As the tribal costumes are expensive to make, and the Indians are mostly working-class, some tribes make paid appearances at non-Mardi Gras events for a small gain. Outsiders have suggested that the Indians should further exploit their culture for monetary gain; however, the Indians themselves do not see it that way. As chief of the city’s oldest tribe explained, “Indian culture was never, ever meant to make any money.” The problem is that the Indians don’t think others should make money off of their culture either. Many of them are upset when they see calendars and prints with their photos for sale because they know that someone else is profiting from the Indian tradition, including the time and money that the Indians put into their elaborate costumes.
As a result, some Indians have filed for copyright protection for their costumes. A photograph of the costume would then potentially be protected as a derivative work. The problem is that clothing designs generally are not protected under American copyright law because they are considered functional rather than aesthetic. Accordingly, an attorney for some of the Indians argues that the costumes can be protected as sculptures.

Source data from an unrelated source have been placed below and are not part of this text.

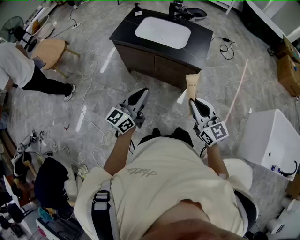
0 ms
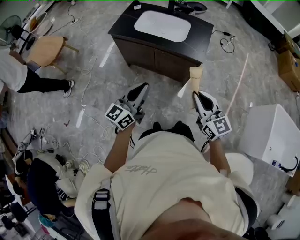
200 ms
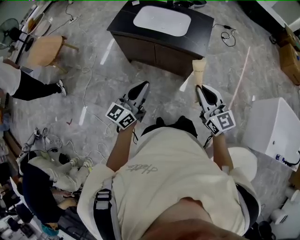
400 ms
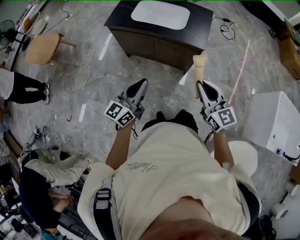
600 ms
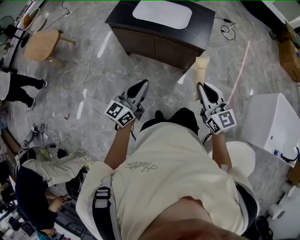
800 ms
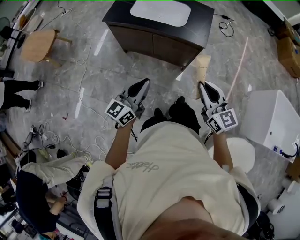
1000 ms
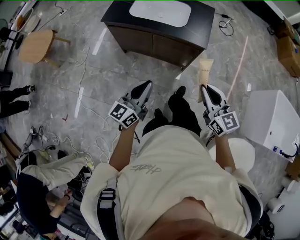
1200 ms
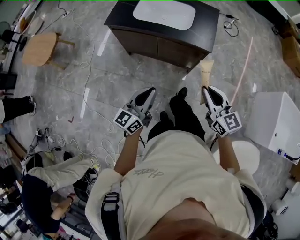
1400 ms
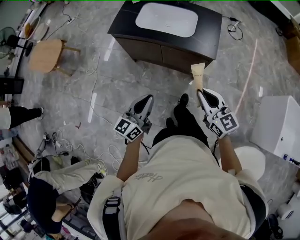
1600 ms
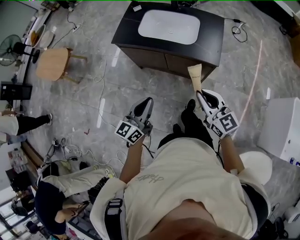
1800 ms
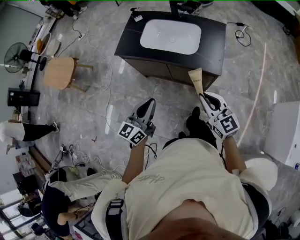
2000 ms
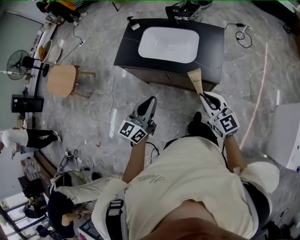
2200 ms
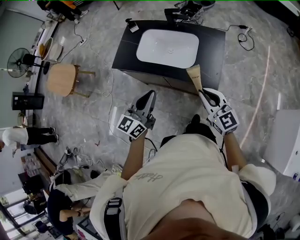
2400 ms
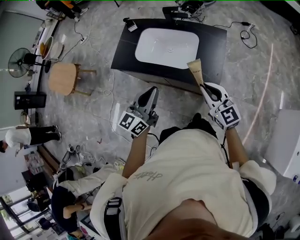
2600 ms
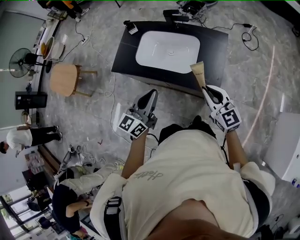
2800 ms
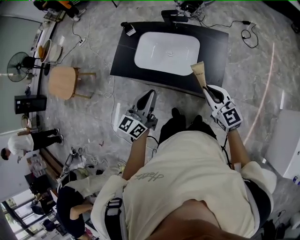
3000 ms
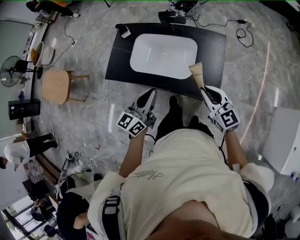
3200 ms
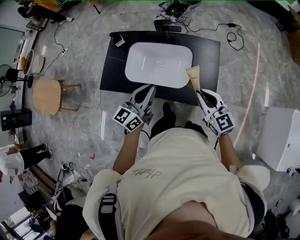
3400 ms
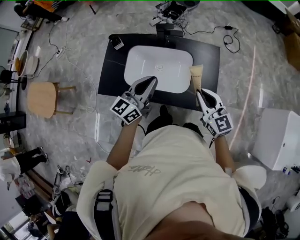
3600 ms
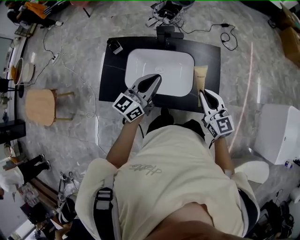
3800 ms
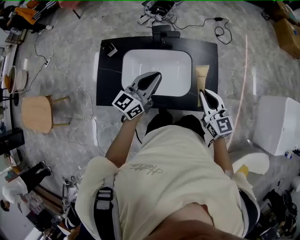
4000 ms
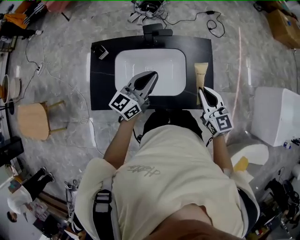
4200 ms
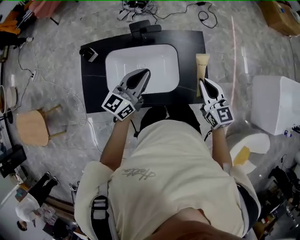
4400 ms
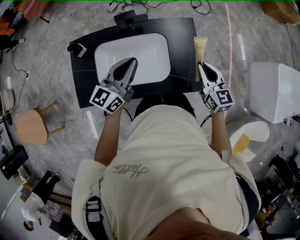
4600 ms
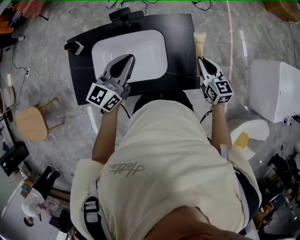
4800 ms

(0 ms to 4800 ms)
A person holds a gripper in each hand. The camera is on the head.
0 ms - 1600 ms: The right gripper shifts about 10 cm forward; the left gripper travels downward and forward by roughly 10 cm.
1600 ms - 3200 ms: Both grippers travel together forward, about 35 cm.
3200 ms - 4800 ms: The right gripper moves some 20 cm, and turns by approximately 40 degrees. The left gripper shifts by some 25 cm, and turns by approximately 20 degrees.

The argument, according to a UCLA law professor, is that “the Mardi Gras Indian costumes are pretty wild and not functional in the ordinary sense of the word . . . .” Of course, the counterargument is that runway fashion designs are not copyrightable, even though few people would consider those designs useful. No court has yet tested the validity of the copyrights that Indians currently hold in their costumes.
Copyright law is unclear on whether the costumes could be copyrightable as sculptures. A successful argument would classify the costumes as a work of applied art. Under the Copyright Act, a “useful article” is “an article having an intrinsic utilitarian function that is not merely to portray the appearance of the article or to convey information.” Such articles are copyrightable “[o]nly if, and only to the extent that, such design incorporates pictorial, graphic, or sculptural features that can be identified separately from, and are capable of existing independently of, the utilitarian aspects of the article.”
One could argue that the Indians’ costumes are analogous to masquerade costumes. The Ninth Circuit classified masquerade costumes as copyrightable works of applied art, finding that “[t]he function of costumes has little to do with their design.” The Fifth Circuit, however, did not extend protection to uniforms for casino workers, including masquerade costumes. As New Orleans is in the Fifth Circuit, an attorney for the Indians would have to find a way to distinguish their costumes from the casino worker costumes. One way of doing this would be to focus on the fact that the casino costumes are meant to serve the utilitarian purpose of a work uniform. The Indian costumes are created for their artistic elements more than they are created for the usual utilitarian purposes of clothing, such as protecting the wearer from the elements. It’s unclear how the court would respond to that argument. As New Orleans is a city that strongly protects its traditions, the court may be willing to take a broad reading of the Act to afford protection to the Indians’ costumes.